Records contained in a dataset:
◇ ◇ ◇ ◇
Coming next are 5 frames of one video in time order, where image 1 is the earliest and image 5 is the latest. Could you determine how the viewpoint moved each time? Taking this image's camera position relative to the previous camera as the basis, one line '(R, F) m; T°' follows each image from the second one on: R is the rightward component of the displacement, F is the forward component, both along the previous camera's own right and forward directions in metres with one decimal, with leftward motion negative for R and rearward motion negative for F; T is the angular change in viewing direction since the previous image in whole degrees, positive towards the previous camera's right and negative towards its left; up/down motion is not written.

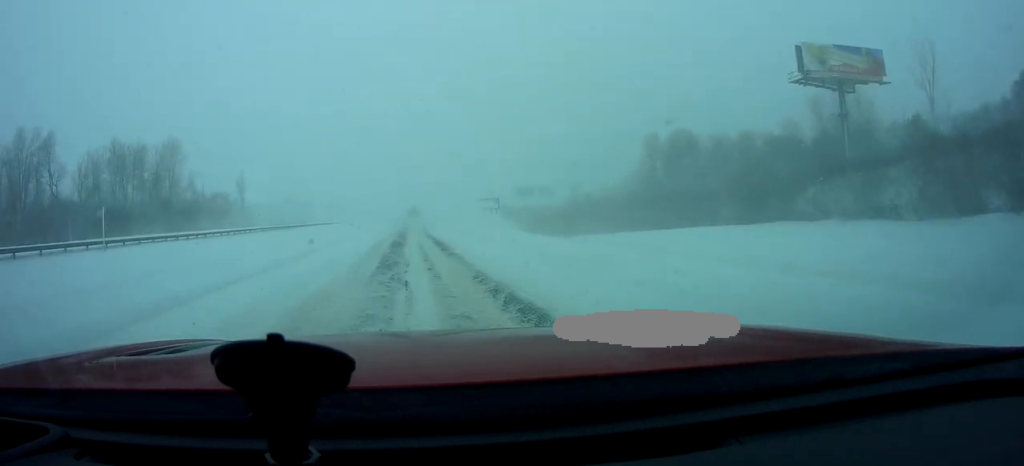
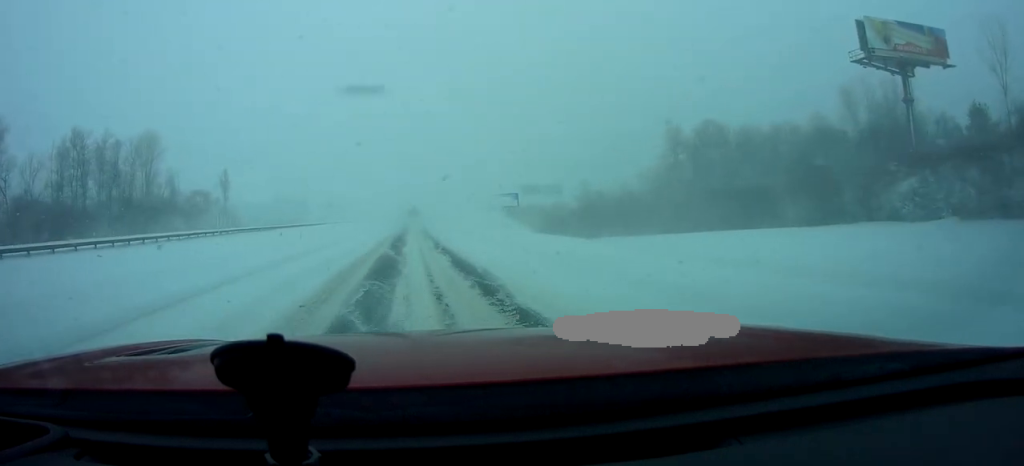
(-0.1, +10.9) m; -1°
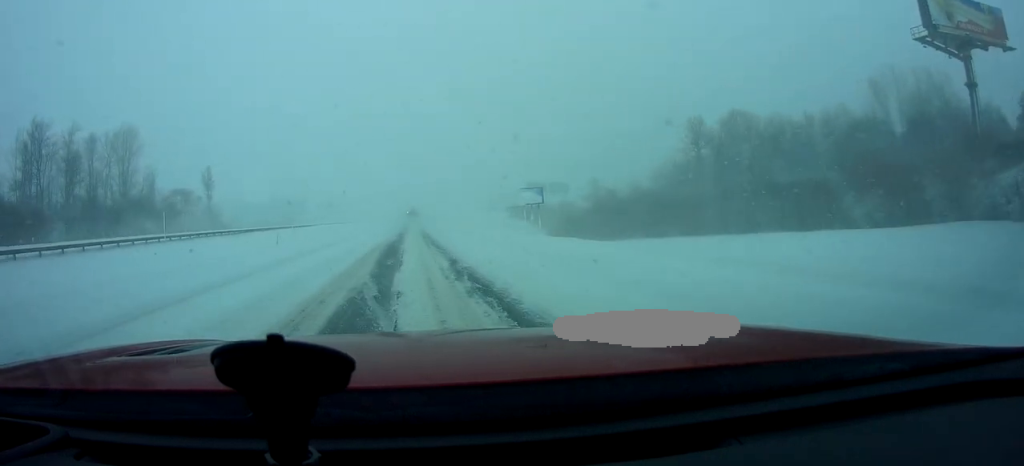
(-0.1, +8.8) m; 0°
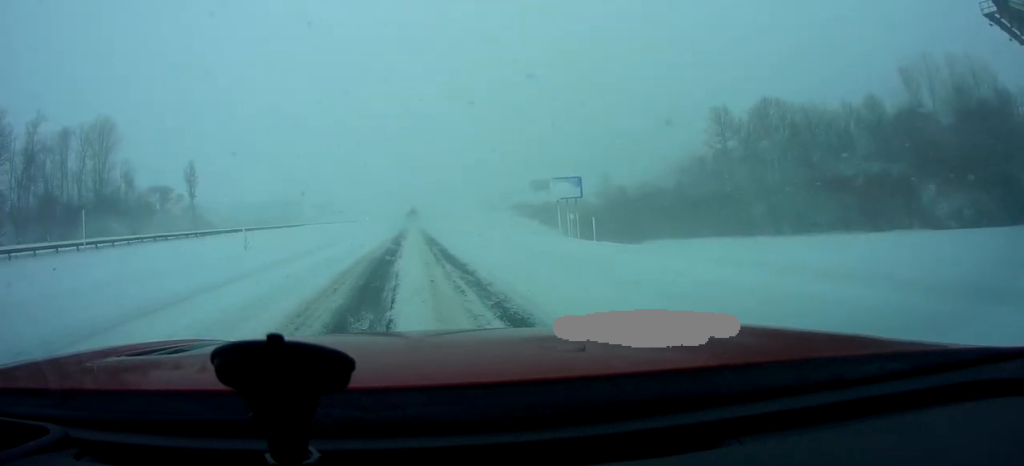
(-0.1, +8.8) m; 0°
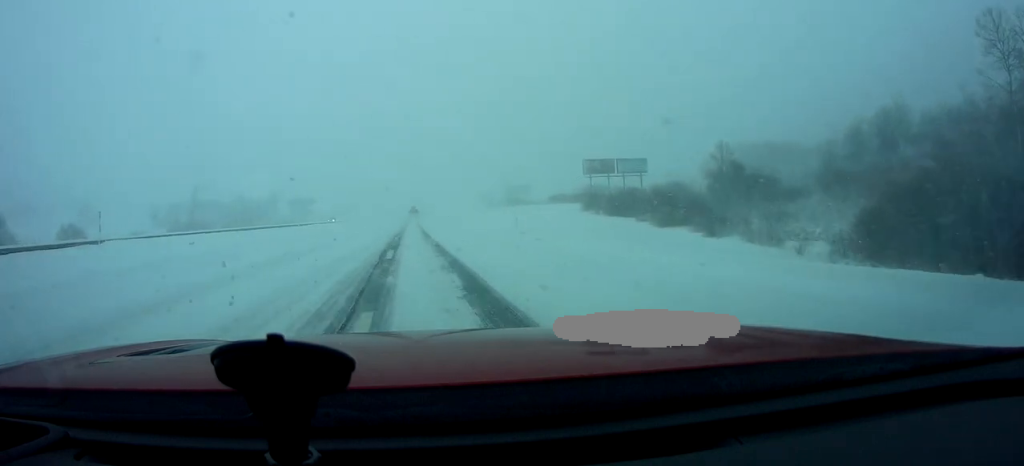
(+1.4, +56.0) m; +1°
◇ ◇ ◇ ◇
Aim of the task:
Repeat the data word for word, excluding any image.

Solution:
Coming next are 5 frames of one video in time order, where image 1 is the earliest and image 5 is the latest. Could you determine how the viewpoint moved each time? Taking this image's camera position relative to the previous camera as the basis, one line '(R, F) m; T°' follows each image from the second one on: R is the rightward component of the displacement, F is the forward component, both along the previous camera's own right and forward directions in metres with one decimal, with leftward motion negative for R and rearward motion negative for F; T is the angular change in viewing direction since the previous image in whole degrees, positive towards the previous camera's right and negative towards its left; up/down motion is not written.

(-0.1, +10.9) m; -1°
(-0.1, +8.8) m; 0°
(-0.1, +8.8) m; 0°
(+1.4, +56.0) m; +1°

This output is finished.